--- START ---
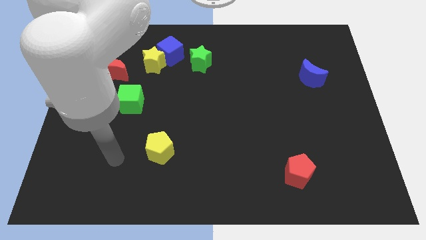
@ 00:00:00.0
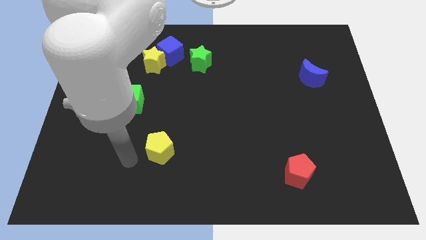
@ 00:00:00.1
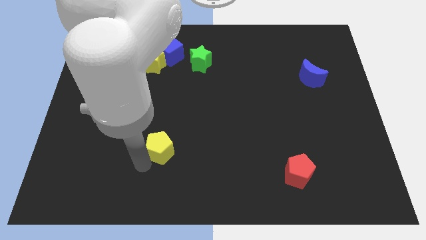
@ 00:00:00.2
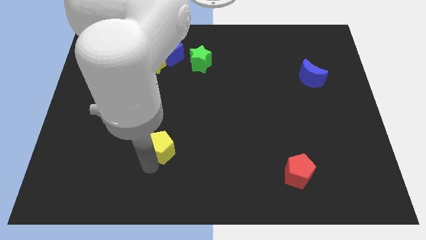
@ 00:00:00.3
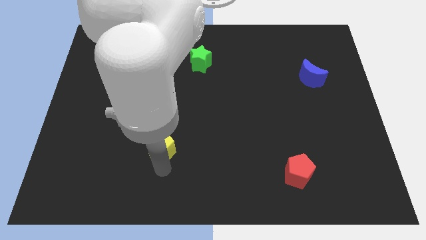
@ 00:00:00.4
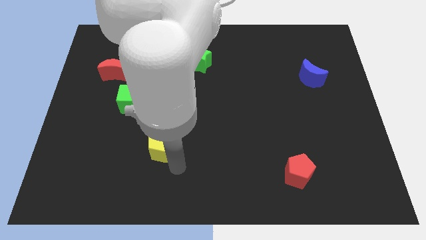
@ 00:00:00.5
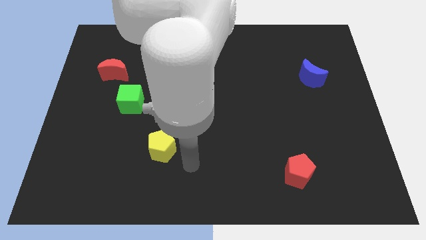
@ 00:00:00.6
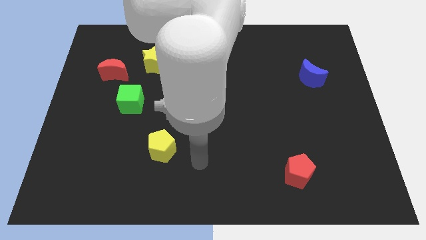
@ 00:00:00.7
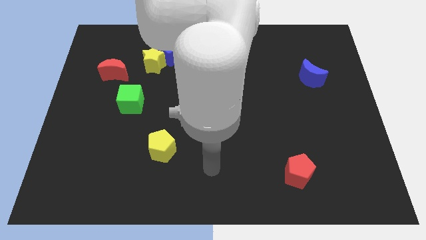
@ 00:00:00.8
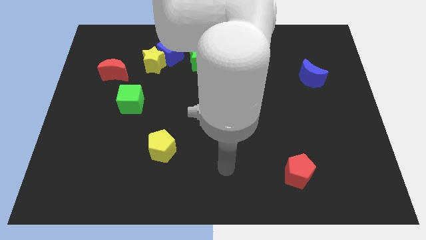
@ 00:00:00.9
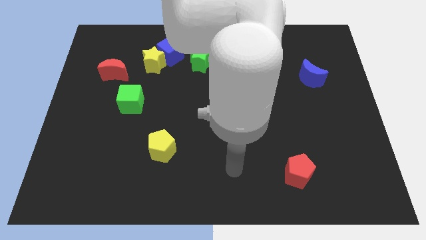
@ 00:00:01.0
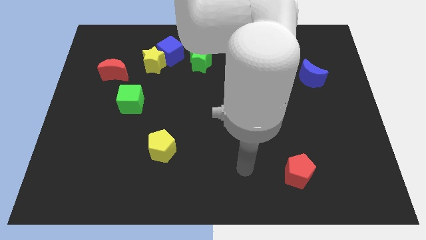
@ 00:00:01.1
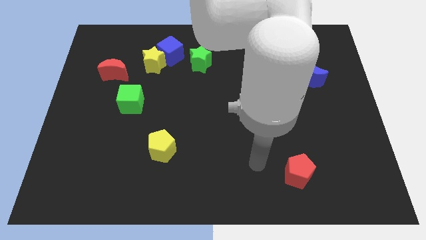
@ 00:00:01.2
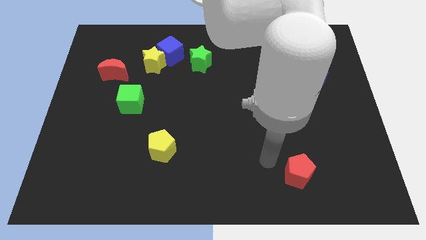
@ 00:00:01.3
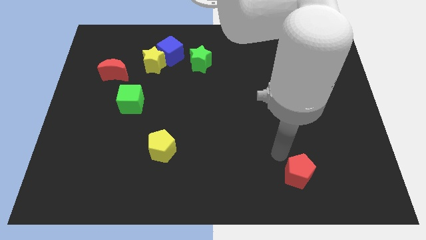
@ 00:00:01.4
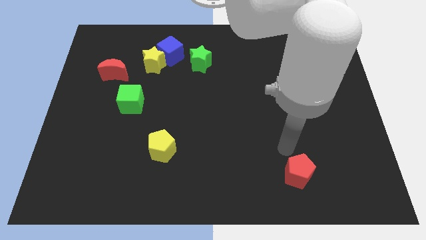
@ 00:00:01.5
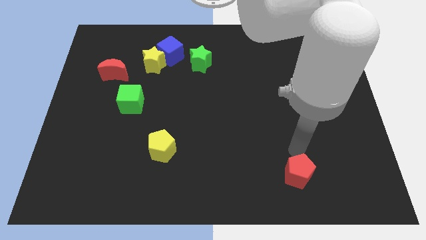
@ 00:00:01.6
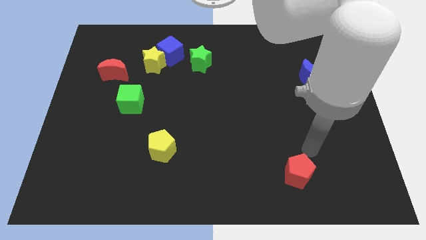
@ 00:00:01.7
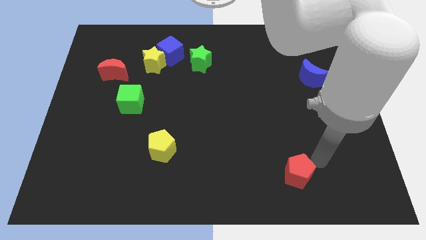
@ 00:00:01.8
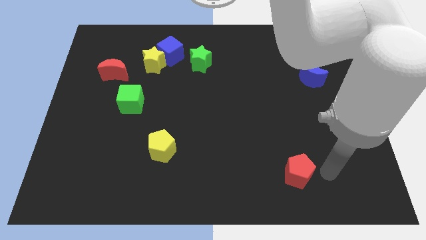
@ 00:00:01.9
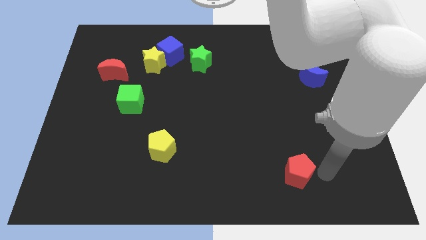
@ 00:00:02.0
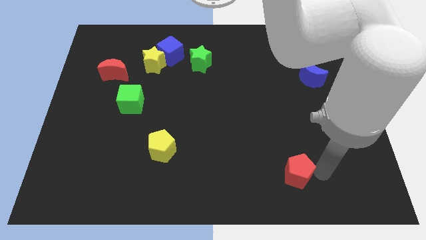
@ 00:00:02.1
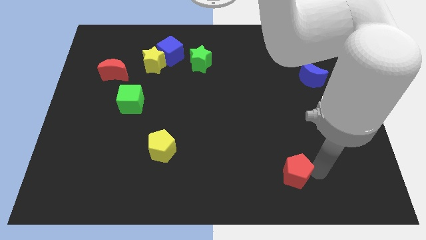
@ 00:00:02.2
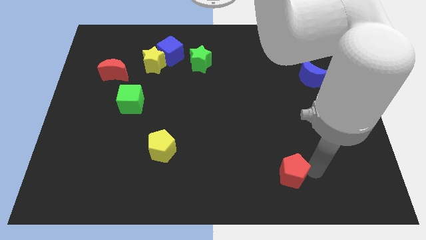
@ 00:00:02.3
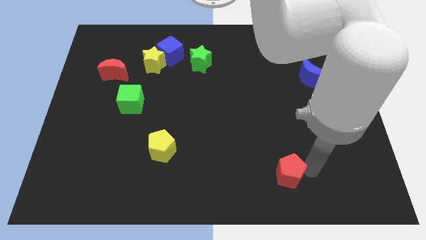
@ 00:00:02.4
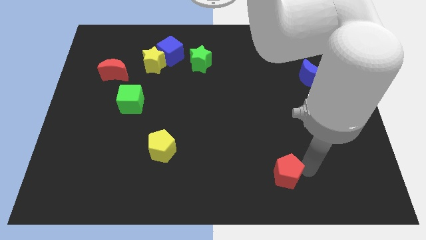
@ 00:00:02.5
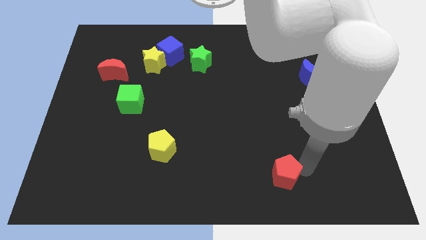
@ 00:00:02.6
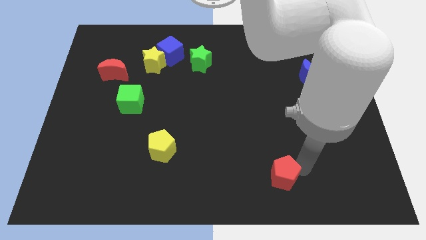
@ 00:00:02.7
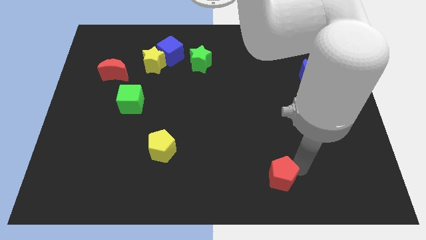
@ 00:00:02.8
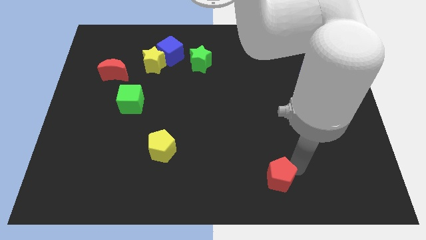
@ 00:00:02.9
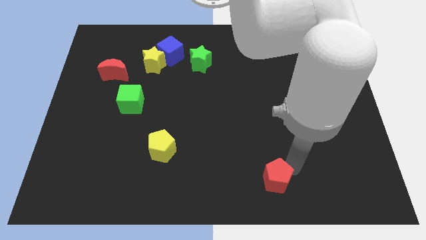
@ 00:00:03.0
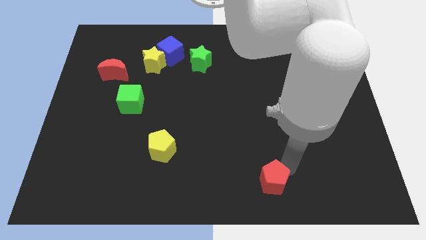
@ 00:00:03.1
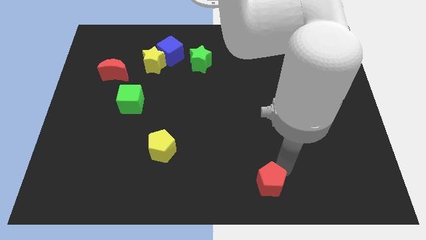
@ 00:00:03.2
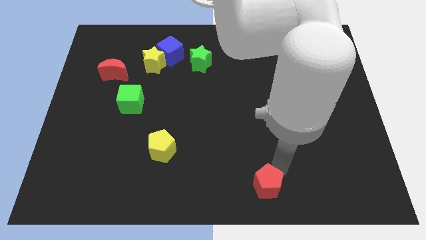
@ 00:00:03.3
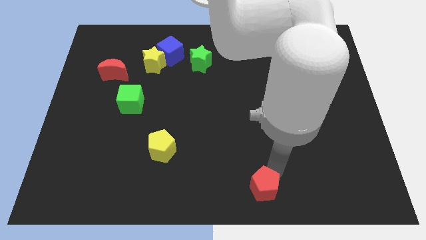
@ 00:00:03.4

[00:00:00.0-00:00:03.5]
slightly push the red pentagon left
--- END ---
WHAT TO DO: Copy every entry above exactly as it stands, but leave the pictures out.

RESULT OF THIS EXERCISE:
@ 00:00:00.0
@ 00:00:00.1
@ 00:00:00.2
@ 00:00:00.3
@ 00:00:00.4
@ 00:00:00.5
@ 00:00:00.6
@ 00:00:00.7
@ 00:00:00.8
@ 00:00:00.9
@ 00:00:01.0
@ 00:00:01.1
@ 00:00:01.2
@ 00:00:01.3
@ 00:00:01.4
@ 00:00:01.5
@ 00:00:01.6
@ 00:00:01.7
@ 00:00:01.8
@ 00:00:01.9
@ 00:00:02.0
@ 00:00:02.1
@ 00:00:02.2
@ 00:00:02.3
@ 00:00:02.4
@ 00:00:02.5
@ 00:00:02.6
@ 00:00:02.7
@ 00:00:02.8
@ 00:00:02.9
@ 00:00:03.0
@ 00:00:03.1
@ 00:00:03.2
@ 00:00:03.3
@ 00:00:03.4

[00:00:00.0-00:00:03.5]
slightly push the red pentagon left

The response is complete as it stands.